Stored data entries

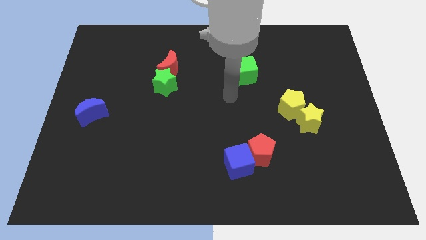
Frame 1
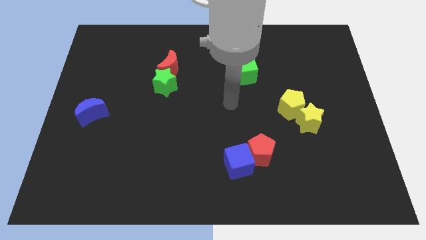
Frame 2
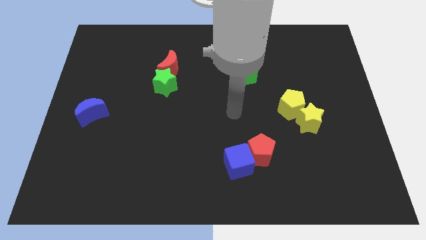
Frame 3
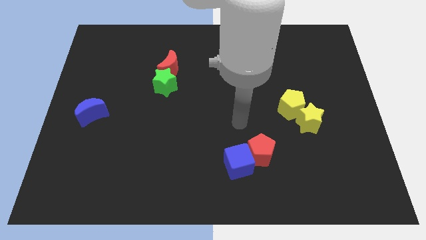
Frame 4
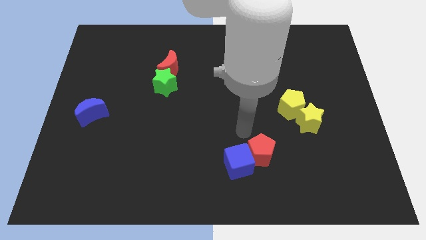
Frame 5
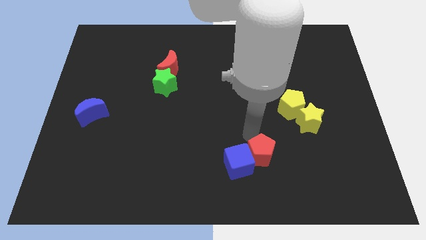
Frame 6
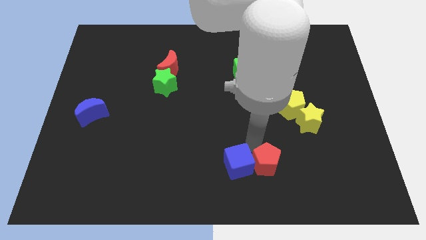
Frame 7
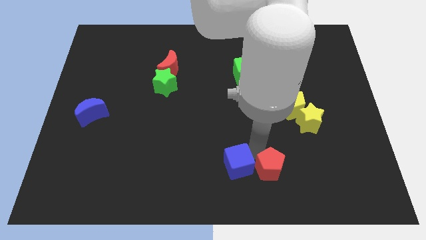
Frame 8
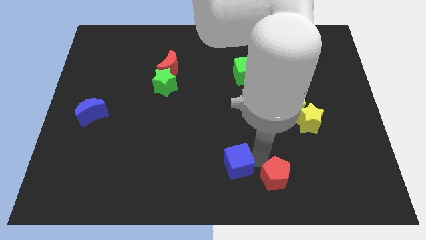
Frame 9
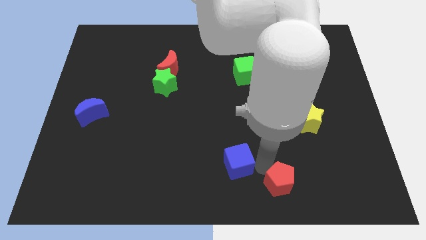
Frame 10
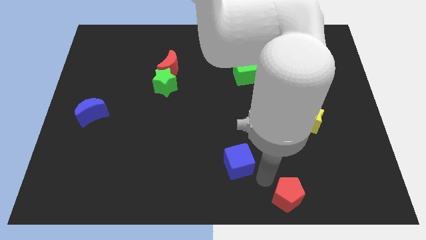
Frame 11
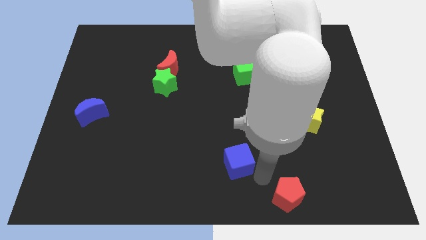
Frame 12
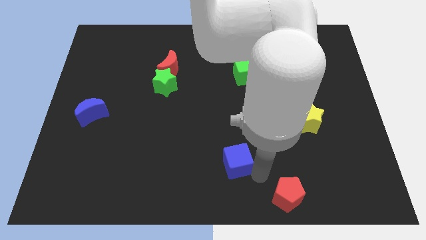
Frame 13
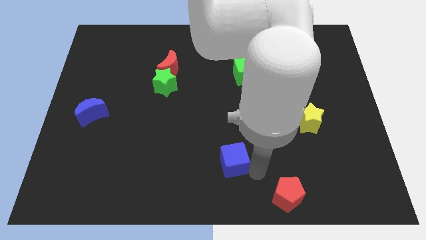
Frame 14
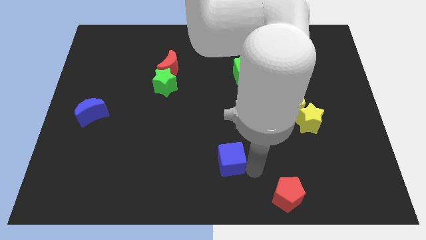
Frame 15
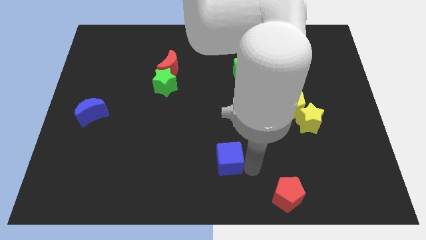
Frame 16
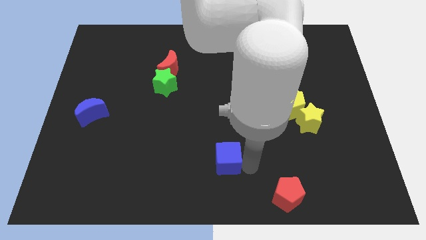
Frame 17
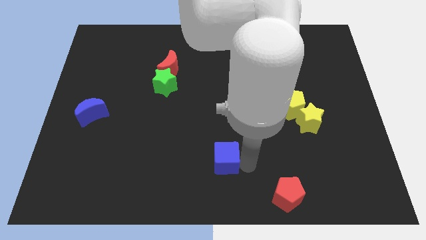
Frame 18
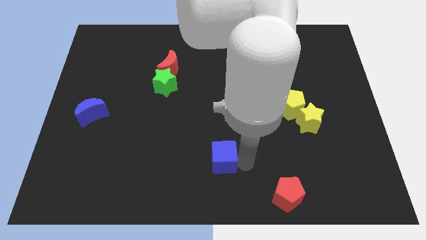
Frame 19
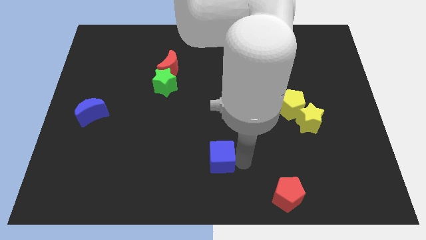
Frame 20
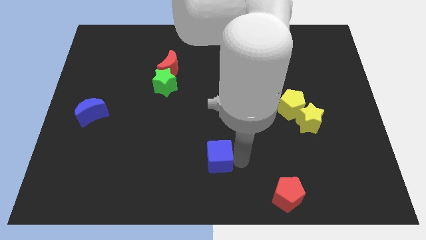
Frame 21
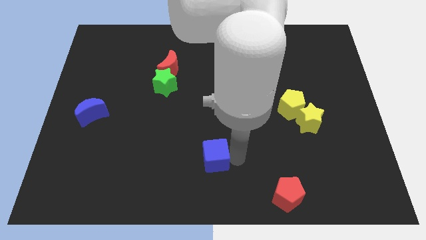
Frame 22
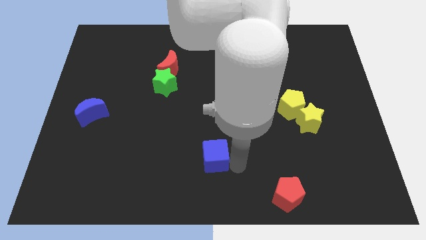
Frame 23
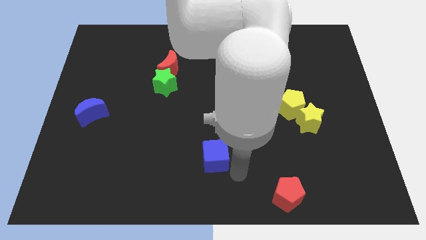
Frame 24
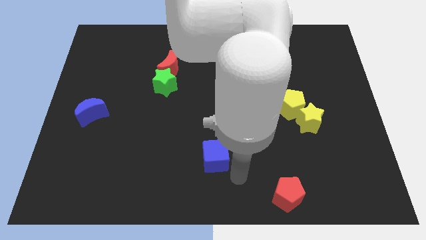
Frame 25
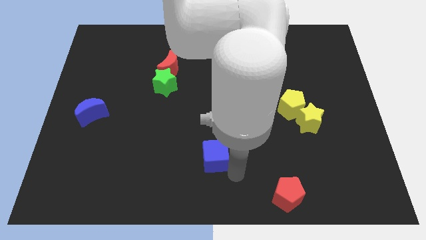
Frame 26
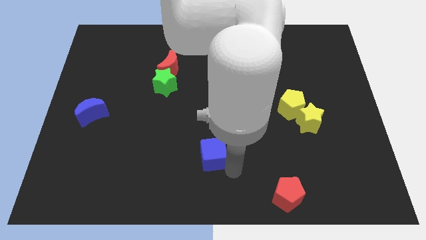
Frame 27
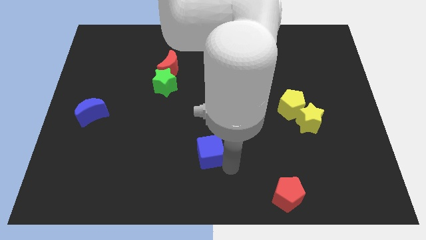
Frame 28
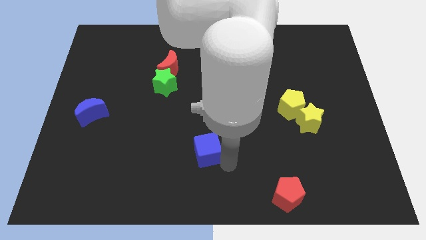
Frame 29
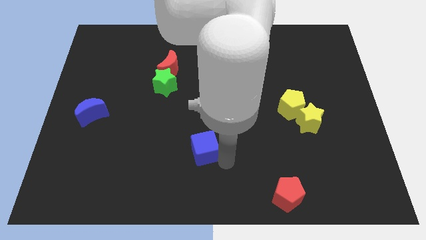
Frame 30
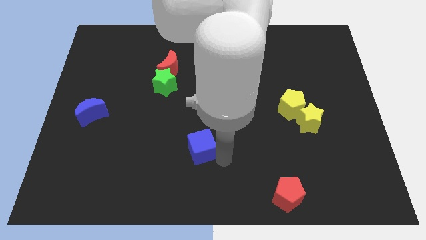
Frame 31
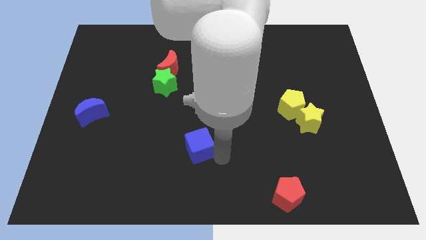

_Exercise prompt_
From the first line to the last, give the data again exactly, but without pictures.

_Exercise response_
Frame 1
Frame 2
Frame 3
Frame 4
Frame 5
Frame 6
Frame 7
Frame 8
Frame 9
Frame 10
Frame 11
Frame 12
Frame 13
Frame 14
Frame 15
Frame 16
Frame 17
Frame 18
Frame 19
Frame 20
Frame 21
Frame 22
Frame 23
Frame 24
Frame 25
Frame 26
Frame 27
Frame 28
Frame 29
Frame 30
Frame 31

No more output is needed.